**WHAT YOU HAVE TO DO:** In the material below, please retype the lines from the very first through the one with "Does the leading", exactly and without pictures.

RAW DATA Block Start

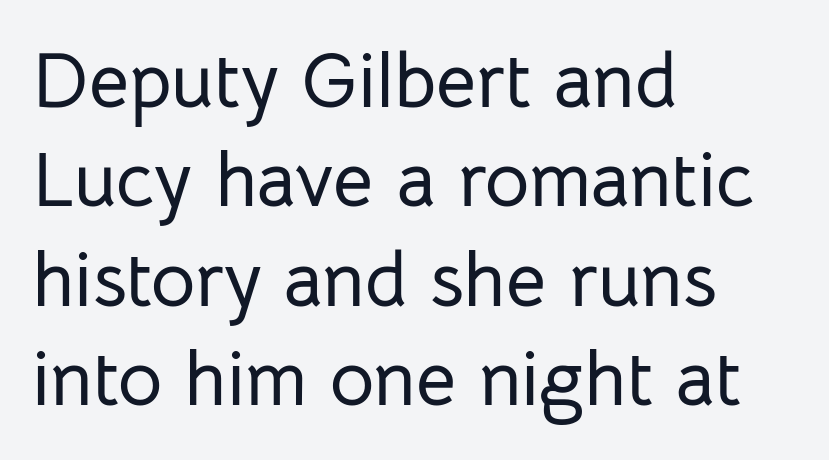
The image shows 77 px sans-serif type, upright; set left-aligned, normal line spacing (1.29x), normal letter spacing, not underlined; low stroke contrast and a medium x-height.
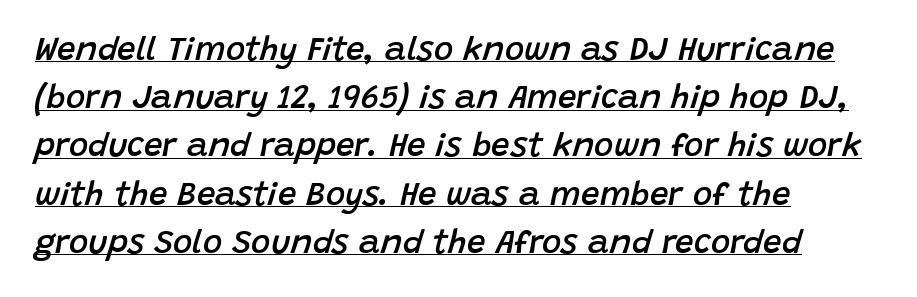
Q: Is the text bold? A: Semi-bold.
Q: Is the text italic (slanted)? A: Yes, it leans right by about 15 degrees.
Q: Is the text underlined? A: Yes.
Q: How is the paragraph aligned? A: Left-aligned.
Q: Is the spacing between letters normal or unusually wide? A: Normal.
Q: Is the spacing between lines tight, normal or loose? A: Normal.
Q: Width (condensed, normal, or wide)? A: Normal.
Q: Stroke contrast? A: Low.
Q: x-height? A: Large.
Q: Monospaced? A: No.
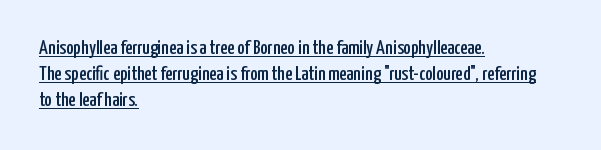
Q: Is the text italic (slanted)? A: No, it is upright.
Q: Is the text underlined? A: Yes.
Q: How is the paragraph aligned? A: Left-aligned.
Q: Is the spacing between letters normal or unusually wide? A: Normal.
Q: Is the spacing between lines tight, normal or loose? A: Normal.
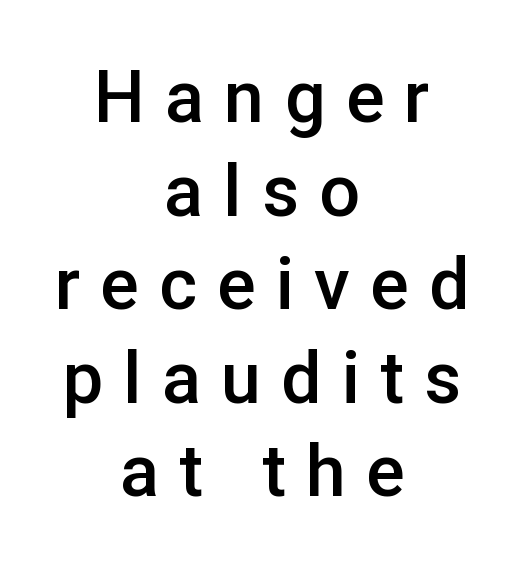
Does the leading feel generous? No, just average. The words here are not underlined. These lines carry some extra weight — a demibold, not a full bold. Visually the block forms a symmetrical silhouette, jagged on both flanks.
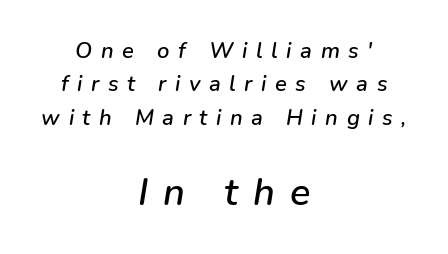
Q: Is the text italic (slanted)? A: Yes, it leans right by about 9 degrees.
Q: Is the text underlined? A: No.
Q: How is the paragraph aligned? A: Centered.
Q: Is the spacing between letters normal or unusually wide? A: Unusually wide.
Q: Is the spacing between lines tight, normal or loose? A: Normal.
Q: Which block of text is set in a larger size, the first (top) or the second (bottom)? A: The second (bottom) one.
Q: Width (condensed, normal, or wide)? A: Normal.
Q: Stroke contrast? A: Low.
Q: x-height? A: Medium.
Q: Monospaced? A: No.
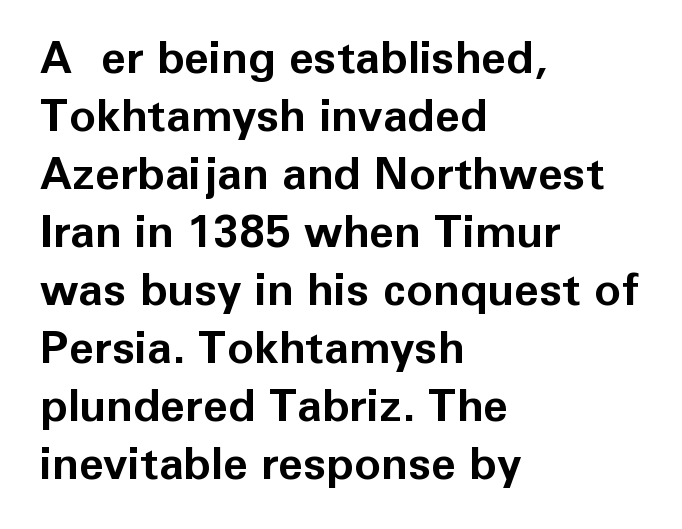
{"serif": "no", "italic": "no", "bold": "yes", "weight": "bold", "width": "normal", "stroke_contrast": "low", "x_height": "medium", "monospaced": "no", "underline": "no", "align": "left", "line_spacing": "normal", "line_spacing_ratio": 1.29, "letter_spacing": "normal", "letter_spacing_em": 0.0, "glyph_px": 45}
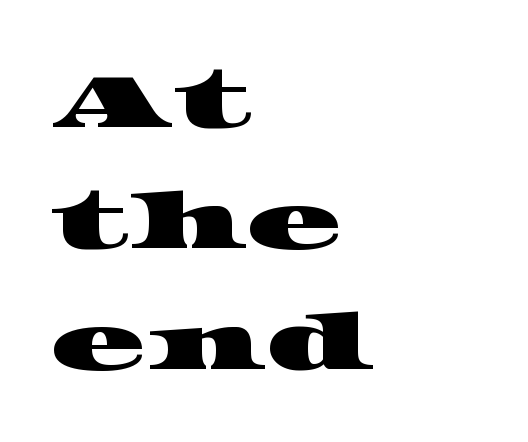
This sample uses a serif face. The lines are quadded left. This sample uses plain, unmodified letter spacing. Whoever set this chose a conventional vertical rhythm.
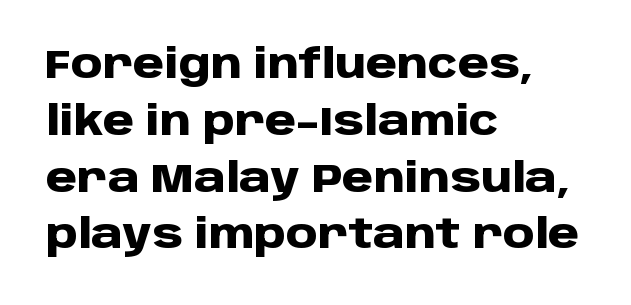
The image shows 40 px heavy sans-serif type, upright; set left-aligned, normal line spacing (1.42x), normal letter spacing, not underlined; low stroke contrast and a large x-height.
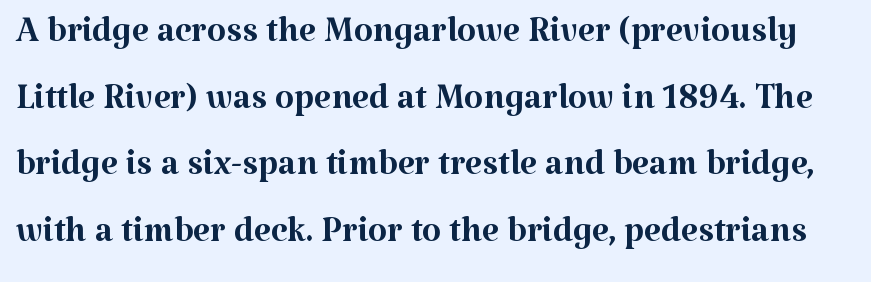
You could call the tracking neutral — neither tight nor loose. Looks like regular typesetting: each glyph gets only the width it needs. Has an underline been added? It has not. The font sits on the lighter half of the weight spectrum, regular included. Italic: no, the glyphs are upright roman. The text was rendered using a seriffed face with decorative stroke endings.
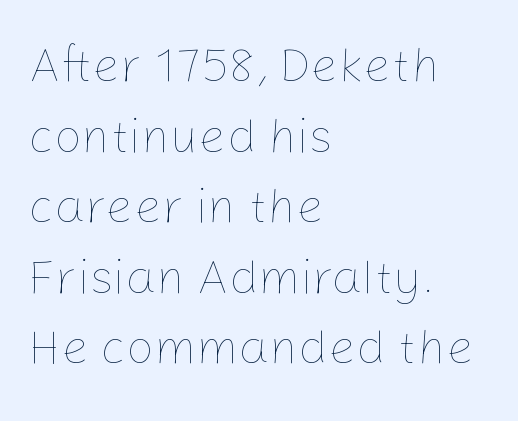
Q: Is the text bold? A: No.
Q: Is the text italic (slanted)? A: No, it is upright.
Q: Is the text underlined? A: No.
Q: How is the paragraph aligned? A: Left-aligned.
Q: Is the spacing between letters normal or unusually wide? A: Normal.
Q: Is the spacing between lines tight, normal or loose? A: Normal.
Q: Width (condensed, normal, or wide)? A: Normal.
Q: Stroke contrast? A: Low.
Q: x-height? A: Medium.
Q: Monospaced? A: No.

RAW DATA Block End

**WORKED SOLUTION:**
The image shows 77 px sans-serif type, upright; set left-aligned, normal line spacing (1.29x), normal letter spacing, not underlined; low stroke contrast and a medium x-height.
Q: Is the text bold? A: Semi-bold.
Q: Is the text italic (slanted)? A: Yes, it leans right by about 15 degrees.
Q: Is the text underlined? A: Yes.
Q: How is the paragraph aligned? A: Left-aligned.
Q: Is the spacing between letters normal or unusually wide? A: Normal.
Q: Is the spacing between lines tight, normal or loose? A: Normal.
Q: Width (condensed, normal, or wide)? A: Normal.
Q: Stroke contrast? A: Low.
Q: x-height? A: Large.
Q: Monospaced? A: No.
Q: Is the text italic (slanted)? A: No, it is upright.
Q: Is the text underlined? A: Yes.
Q: How is the paragraph aligned? A: Left-aligned.
Q: Is the spacing between letters normal or unusually wide? A: Normal.
Q: Is the spacing between lines tight, normal or loose? A: Normal.
Does the leading feel generous? No, just average. The words here are not underlined. These lines carry some extra weight — a demibold, not a full bold. Visually the block forms a symmetrical silhouette, jagged on both flanks.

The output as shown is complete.